22. Anayasa’nın 148. maddesinin dördüncü fıkrasında, kanun
yolunda gözetilmesi gereken hususlara ilişkin şikâyetlerin bireysel başvuruda
incelenemeyeceği belirtilmiştir. Bu kapsamda ilke olarak derece mahkemeleri
önünde dava konusu yapılmış maddi olay ve olguların kanıtlanması, delillerin
değerlendirilmesi, hukuk kurallarının yorumlanması ve uygulanması ile derece
mahkemelerince uyuşmazlıkla ilgili varılan sonucun esas yönünden adil olup
olmaması bireysel başvuru incelemesine konu olamaz. Bunun tek istisnası, derece
mahkemelerinin tespit ve sonuçlarının adaleti ve sağduyuyu hiçe sayan tarzda
açık bir keyfilik içermesi ve bu durumun kendiliğinden bireysel başvuru
kapsamındaki hak ve özgürlükleri ihlal etmiş olmasıdır. Bu çerçevede, kanun
yolu şikâyeti niteliğindeki başvurular açıkça keyfîlik
bulunmadıkça Anayasa Mahkemesince incelenemez (Necati
Gündüz, Recep Gündüz, B. No: 2012/1027, 12/2/2013, § 26).
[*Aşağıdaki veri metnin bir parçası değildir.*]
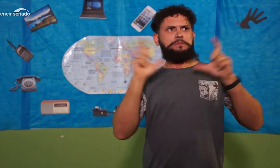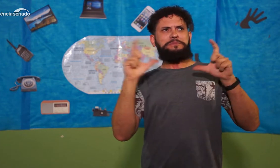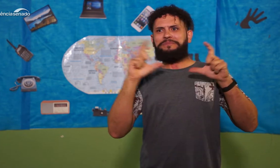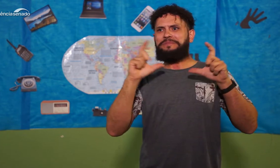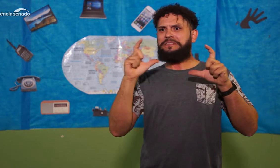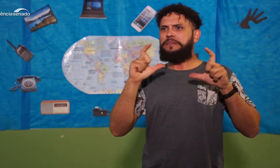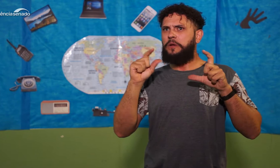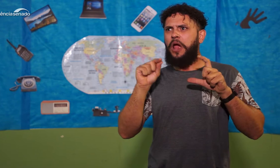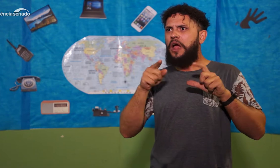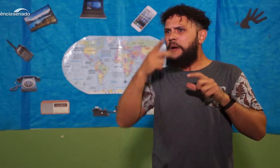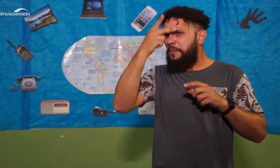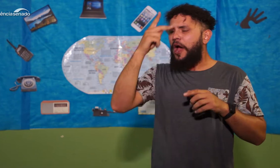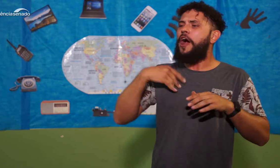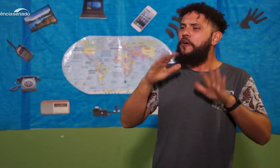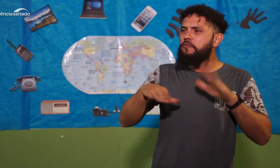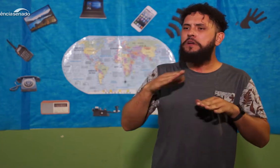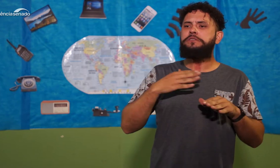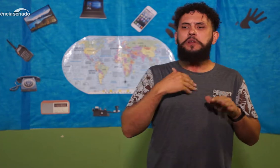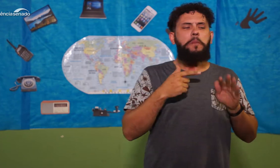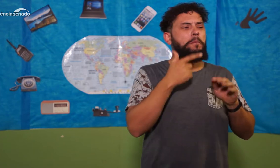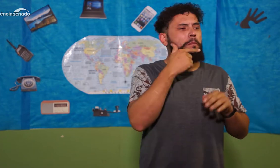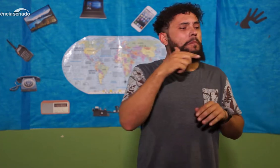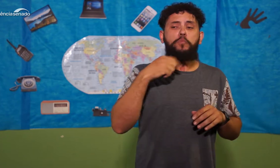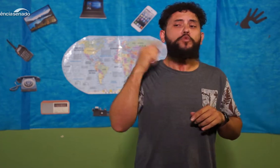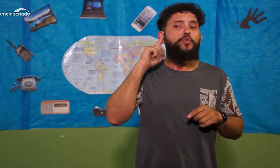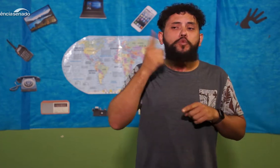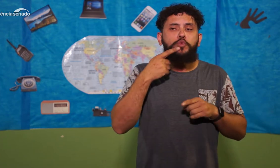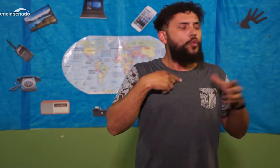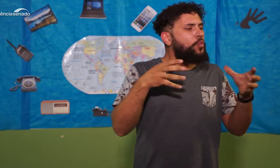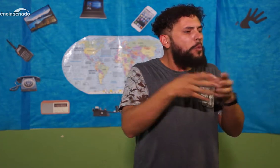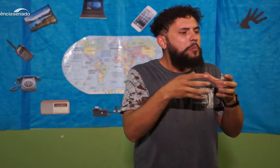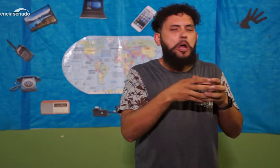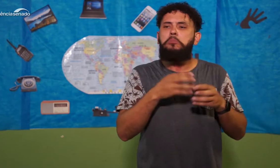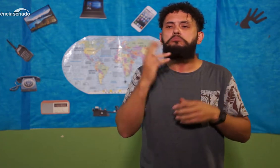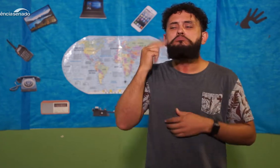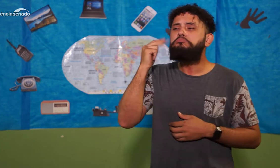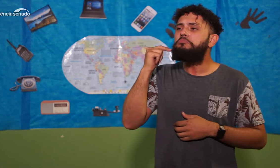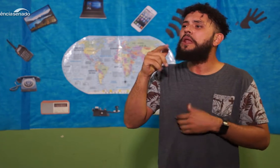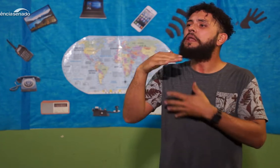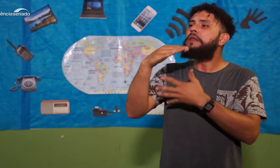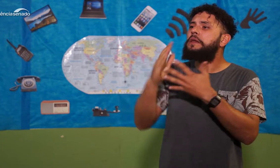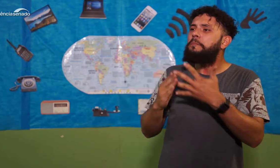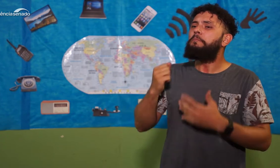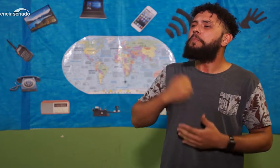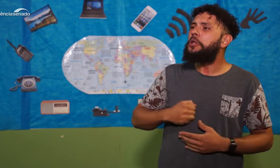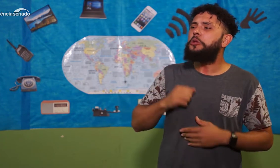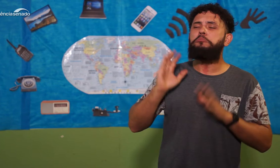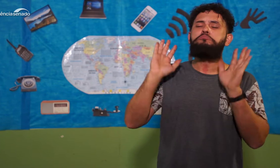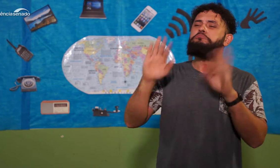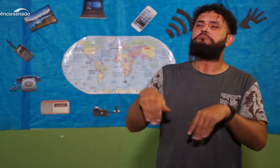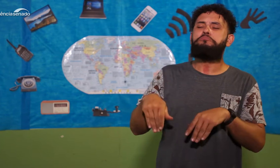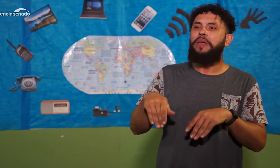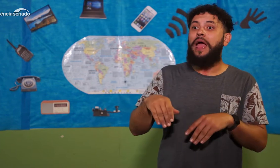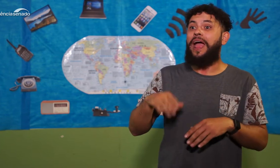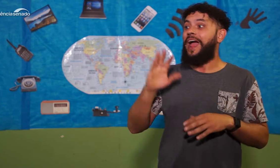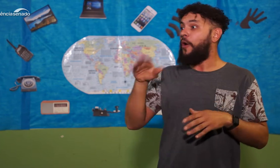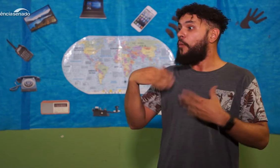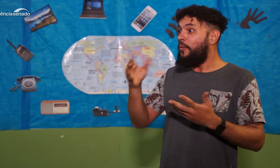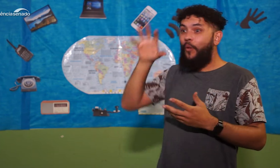Então, só pelo título já impacta os familiares. Então, um surdo que observa esse

23. Başvurucunun ihlal iddialarının, yukarıda belirtilen içtihat
kapsamında kanun yolu şikâyeti niteliğindedir. Somut olayda Mahkeme, başvurucu
ve davalı tarafın iddia ve savunmalarını incelemiş, ilgili Kanun hükümlerini
somut olay çerçevesinde değerlendirmek suretiyle davanın reddine karar
vermiştir. Mahkemenin gerekçesi ve başvurucunun iddiaları incelendiğinde,
iddiaların özünün Derece Mahkemeleri tarafından hukuk kurallarının ve
delillerin değerlendirilmesinde ve yorumlanmasında isabet olmadığına ve esas
itibarıyla yargılamanın sonucuna ilişkin olduğu anlaşılmaktadır.
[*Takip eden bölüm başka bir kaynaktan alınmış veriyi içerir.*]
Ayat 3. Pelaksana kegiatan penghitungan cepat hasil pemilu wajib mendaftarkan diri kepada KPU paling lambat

24. Bunun yanında başvurucu, işyerinden emekli olarak ayrılan
diğer işçilere ek ödeme yapıldığını, buna ilişkin delillerini dava dosyasına
sunduğunu, bu delillerin Mahkeme tarafından dikkate alınmadığını iddia etmiş
ise de başvuru formundabu konuda herhangi bir bilgi
ya da belge sunulmadığı, soyut nitelikte ileri sürülen bu iddiaların da
yargılamanın sonucuna yönelik iddialar kapsamında değerlendirilmesi gerektiği
anlaşılmıştır.
25. Açıklanan nedenle başvurunun bu kısmının, diğer kabul
edilebilirlik koşulları yönünden incelenmeksizin açıkça dayanaktan yoksun olması
nedeniyle kabul edilemez olduğuna karar verilmesi gerekmektedir.
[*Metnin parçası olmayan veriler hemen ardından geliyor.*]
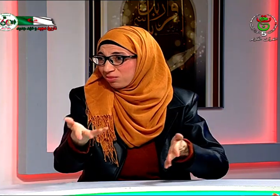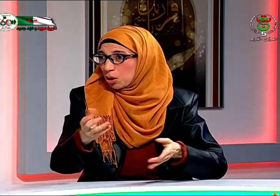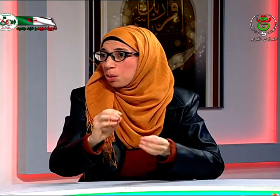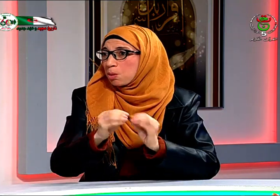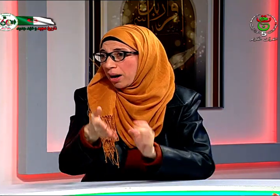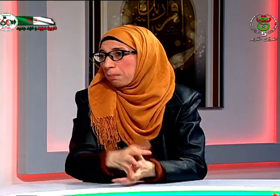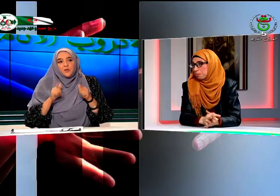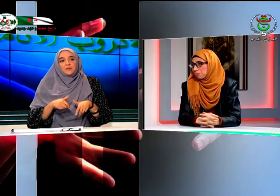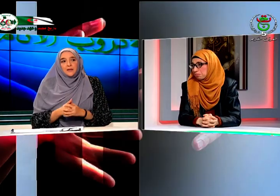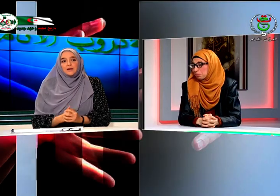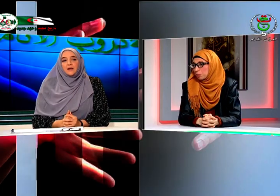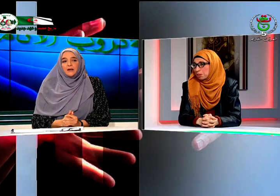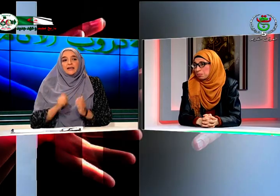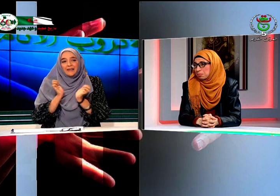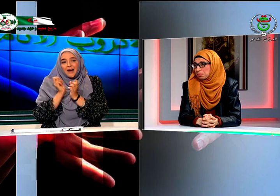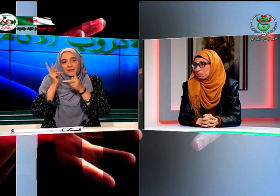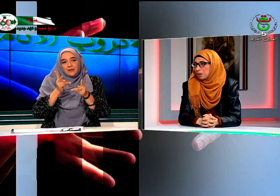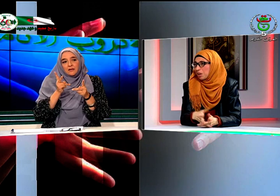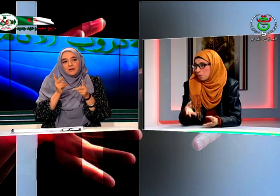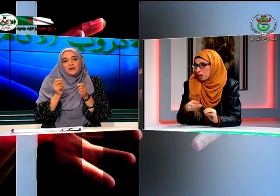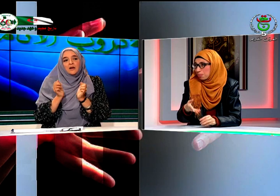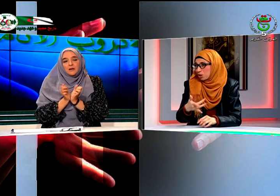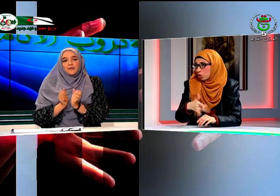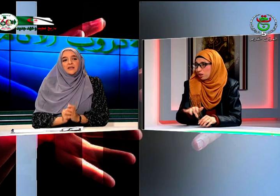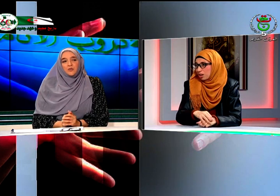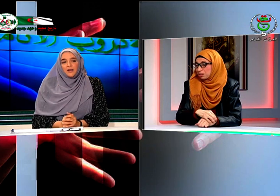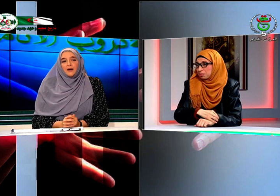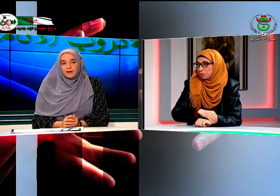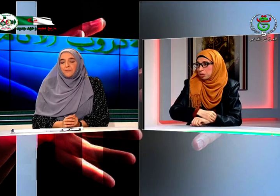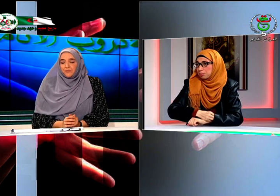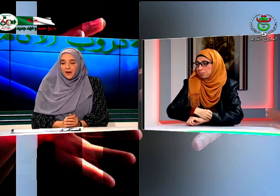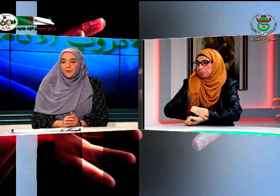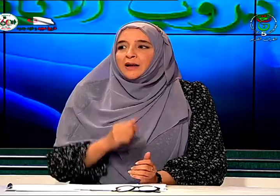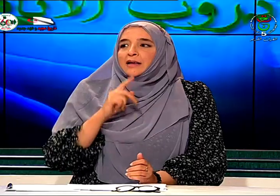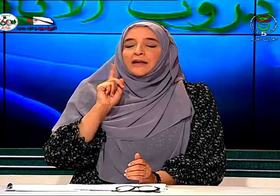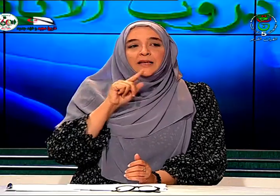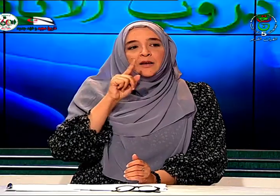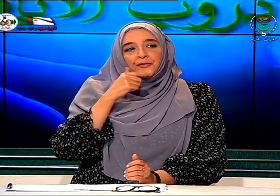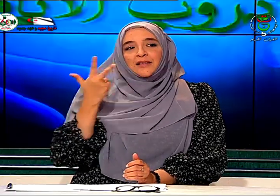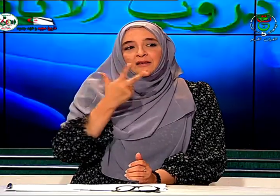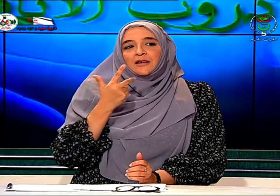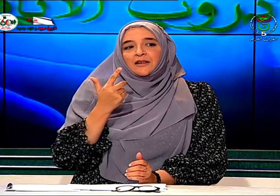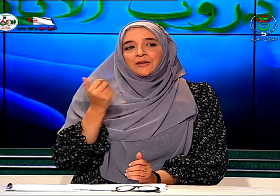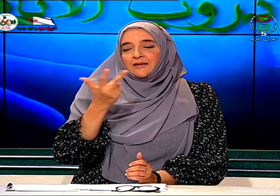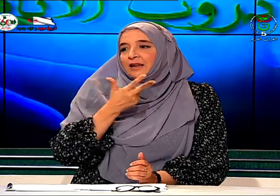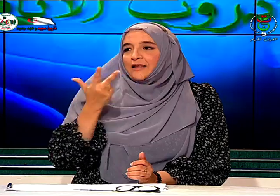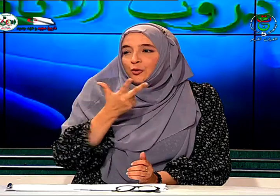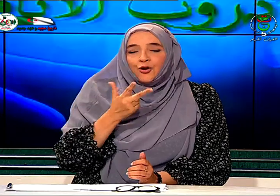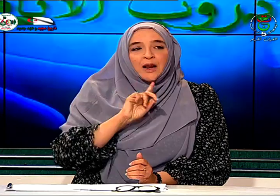سنتكلم عن المدرسة يعني التحقتي في سن متأخر نعم يعني في ثلاثة تكون لم

C. Makul Sürede Yargılanma Hakkının İhlal
Edildiğine İlişkin İddia
26.Başvurucu, makul sürede yargılanma hakkının ihlal edildiğini
ileri sürmüştür.
27. Medeni hak ve yükümlülüklere ilişkin olan iş mahkemeleri
nezdinde açılan davalarda yargılama süresi tespit edilirken sürenin başlangıç
tarihi olarak uyuşmazlığı karara bağlayacak davanın açıldığı tarih; sürenin
sona erdiği tarih olarak yargılamanın sona erdiği (Nesrin Kılıç, B. No: 2013/772, 7/11/2013, § 69), yargılaması
devam eden davalar yönünden ise Anayasa Mahkemesinin makul sürede yargılanma
hakkının ihlal edildiğine ilişkin şikâyetle ilgili kararını verdiği tarih esas
alınır (Mehmet Salih Ayyıldız, B.
No: 2012/397, 17/11/2014, § 25).
28. İş mahkemeleri nezdinde görülen davalarda yargılama
süresinin makul olup olmadığı değerlendirilirken yargılamanın karmaşıklığı ve
kaç dereceli olduğu, tarafların ve ilgili makamların yargılama sürecindeki
tutumu ve başvurucunun yargılamanın süratle sonuçlandırılmasındaki menfaatinin
niteliği gibi hususlar dikkate alınır (Nesrin
Kılıç, § 58).
29. Anılan ilkeler ve Anayasa Mahkemesinin benzer başvurularda
verdiği kararlar dikkate alındığında somut olayda Üsküdar 3. İş Mahkemesinde
(İstanbul Anadolu 10. İş Mahkemesi) 17/2/2010 tarihinde açılan işçilik alacağı
davasında, Mahkemenin 11/4/2012 tarihinde davayı kısmen kabul ettiği, temyiz
üzerine Yargıtay 22. Hukuk Dairesinin 8/3/2013 tarihli kararıyla hükmün
bozulduğu, bozma ilamına uyan Mahkemece 20/6/2013 tarihinde davanın
reddedildiği ve kararın Yargıtay 9. Hukuk Dairesinin 3/12/2013 tarihli kararıyla
onandığı anlaşılmıştır. Anılan ilkeler ve Anayasa Mahkemesinin benzer
başvurularda verdiği kararlar dikkate alındığında somut olayda yaklaşık 3 yıl
10aylık yargılama süresinin makul olduğu sonucuna varmak gerekir.
30. Açıklanan gerekçeyle başvurunun bu kısmının, diğer kabul
edilebilirlik koşulları açısından incelenmeksizin açıkça dayanaktan yoksun olması nedeniyle kabul edilemez
olduğuna karar verilmesi gerekir.
V. HÜKÜM
Açıklanan gerekçelerle;
A. Başvurunun açıkça
dayanaktan yoksun olması nedeniyle KABUL EDİLEMEZ OLDUĞUNA,
B. Yargılama giderlerinin başvurucu üzerinde BIRAKILMASINA
19/4/2017 tarihinde OYBİRLİĞİYLE karar verildi.